Amorphous SixGeyO1−x−y thin films for uncooled infrared microbolometers

Abstract

This paper presents a detailed characterization of Silicon Germanium Oxide (SixGeyO1−x−y) thin films for uncooled infrared microbolometers. The films were prepared by RF magnetron sputtering using simultaneous deposition from silicon and germanium targets in an argon and oxygen environment. The electrical properties of the films were studied as a function of oxygen (up to 10%) and silicon (up to 30%). The results demonstrated that a high temperature coefficient of resistance (TCR) and a low corresponding resistivity can be achieved using various compositions, for example, Si0.054Ge0.877O0.069 films have achieved a TCR and a resistivity of −3.5 %/K and 629 Ω-cm, respectively.
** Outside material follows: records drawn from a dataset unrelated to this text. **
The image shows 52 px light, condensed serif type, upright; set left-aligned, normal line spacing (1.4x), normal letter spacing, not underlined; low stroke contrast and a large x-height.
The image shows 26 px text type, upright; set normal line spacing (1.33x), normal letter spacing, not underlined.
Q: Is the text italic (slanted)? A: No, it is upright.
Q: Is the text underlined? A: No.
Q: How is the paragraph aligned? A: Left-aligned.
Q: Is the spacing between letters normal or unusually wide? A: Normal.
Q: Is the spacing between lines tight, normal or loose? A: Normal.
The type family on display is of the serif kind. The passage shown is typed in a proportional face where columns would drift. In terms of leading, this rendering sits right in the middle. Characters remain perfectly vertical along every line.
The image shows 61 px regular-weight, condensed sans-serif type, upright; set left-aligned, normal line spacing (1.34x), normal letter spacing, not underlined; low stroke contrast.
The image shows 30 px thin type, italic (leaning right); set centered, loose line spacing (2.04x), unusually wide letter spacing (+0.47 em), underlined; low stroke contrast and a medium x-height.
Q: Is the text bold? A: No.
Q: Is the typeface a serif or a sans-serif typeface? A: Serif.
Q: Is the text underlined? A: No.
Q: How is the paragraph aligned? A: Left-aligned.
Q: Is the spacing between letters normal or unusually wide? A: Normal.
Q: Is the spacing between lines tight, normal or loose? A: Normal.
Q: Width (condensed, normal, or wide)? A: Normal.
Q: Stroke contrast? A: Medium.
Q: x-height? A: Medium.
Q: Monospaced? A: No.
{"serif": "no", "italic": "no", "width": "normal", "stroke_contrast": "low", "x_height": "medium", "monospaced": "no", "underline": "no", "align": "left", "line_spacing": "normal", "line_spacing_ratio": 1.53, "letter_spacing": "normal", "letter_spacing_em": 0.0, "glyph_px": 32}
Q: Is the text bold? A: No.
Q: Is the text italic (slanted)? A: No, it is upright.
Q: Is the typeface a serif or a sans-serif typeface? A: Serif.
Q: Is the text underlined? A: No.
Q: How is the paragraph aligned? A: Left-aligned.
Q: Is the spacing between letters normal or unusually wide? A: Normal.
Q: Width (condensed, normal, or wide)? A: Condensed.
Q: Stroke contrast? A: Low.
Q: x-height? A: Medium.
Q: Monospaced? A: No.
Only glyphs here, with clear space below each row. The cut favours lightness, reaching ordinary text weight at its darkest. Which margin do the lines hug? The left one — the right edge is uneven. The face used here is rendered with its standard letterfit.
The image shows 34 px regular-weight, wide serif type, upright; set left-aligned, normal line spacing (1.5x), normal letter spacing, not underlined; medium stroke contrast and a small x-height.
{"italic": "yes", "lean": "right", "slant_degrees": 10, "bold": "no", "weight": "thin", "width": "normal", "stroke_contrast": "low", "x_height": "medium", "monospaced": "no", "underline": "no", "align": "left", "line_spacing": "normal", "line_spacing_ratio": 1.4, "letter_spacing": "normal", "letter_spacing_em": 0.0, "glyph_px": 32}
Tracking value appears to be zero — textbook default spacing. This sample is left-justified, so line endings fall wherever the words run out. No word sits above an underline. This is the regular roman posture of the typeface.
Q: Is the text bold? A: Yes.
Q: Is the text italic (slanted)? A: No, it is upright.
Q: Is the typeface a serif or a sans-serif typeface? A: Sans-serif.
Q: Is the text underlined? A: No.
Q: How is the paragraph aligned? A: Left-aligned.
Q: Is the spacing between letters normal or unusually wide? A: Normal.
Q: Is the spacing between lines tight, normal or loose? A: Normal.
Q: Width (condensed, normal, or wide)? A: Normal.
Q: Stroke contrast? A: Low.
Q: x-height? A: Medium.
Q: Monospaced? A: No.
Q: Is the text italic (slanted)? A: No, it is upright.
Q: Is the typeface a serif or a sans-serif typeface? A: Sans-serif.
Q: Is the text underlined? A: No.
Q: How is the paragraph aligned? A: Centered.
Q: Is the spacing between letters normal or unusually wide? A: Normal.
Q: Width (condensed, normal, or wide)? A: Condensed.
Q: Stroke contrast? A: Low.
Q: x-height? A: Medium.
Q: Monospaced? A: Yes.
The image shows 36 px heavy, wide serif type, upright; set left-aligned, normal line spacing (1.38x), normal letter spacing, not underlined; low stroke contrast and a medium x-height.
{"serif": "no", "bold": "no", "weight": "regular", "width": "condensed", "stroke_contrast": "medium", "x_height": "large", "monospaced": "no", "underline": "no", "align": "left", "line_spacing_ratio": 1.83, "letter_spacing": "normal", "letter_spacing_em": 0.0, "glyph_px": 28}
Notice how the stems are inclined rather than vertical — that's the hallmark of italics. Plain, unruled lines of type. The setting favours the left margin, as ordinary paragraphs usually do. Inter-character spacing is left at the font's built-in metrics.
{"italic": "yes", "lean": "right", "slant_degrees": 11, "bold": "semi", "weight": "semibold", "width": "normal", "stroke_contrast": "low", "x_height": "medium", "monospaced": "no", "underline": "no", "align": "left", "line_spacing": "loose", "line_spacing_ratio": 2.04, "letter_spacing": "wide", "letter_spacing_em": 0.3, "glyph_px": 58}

X-ray diffraction (XRD) demonstrated that the films are amorphous, and the broadening of XRD spectra (full width at half maximum, FWHM) is related to the decrease and increase of TCR and resistivity, for example, oxygen and fixed Si concentrations of 6.16% and 4% result in narrow spectra which corresponds to a higher TCR value of −3.6 %/K. The Fourier transform infrared spectroscopy (FTIR) study shows that the absorption peaks corresponding to Ge-O and Si-O are located around 800 cm−1 and 960 cm−1, respectively. The peak intensity of Si-O increases as the Si content increases while Ge-O bond disappears as the Si content increases above 6%. These results are used to explain the TCR and resistivity behavior as the Si concentration increased in the film. In addition, the chemical bonding between Ge-Ge and Ge-Si, measured using the Raman spectroscopy study demonstrates that at a fixed oxygen concentration of 4%, The peak shift of Ge-Ge and Ge-Si are relatively small which corresponds to a small change in TCR and resistivity at this Si concentration range, while at oxygen concentration of 8%, the Ge-Si bond have more effects on increasing TCR values, and the larger peak shift corresponds to a higher TCR values.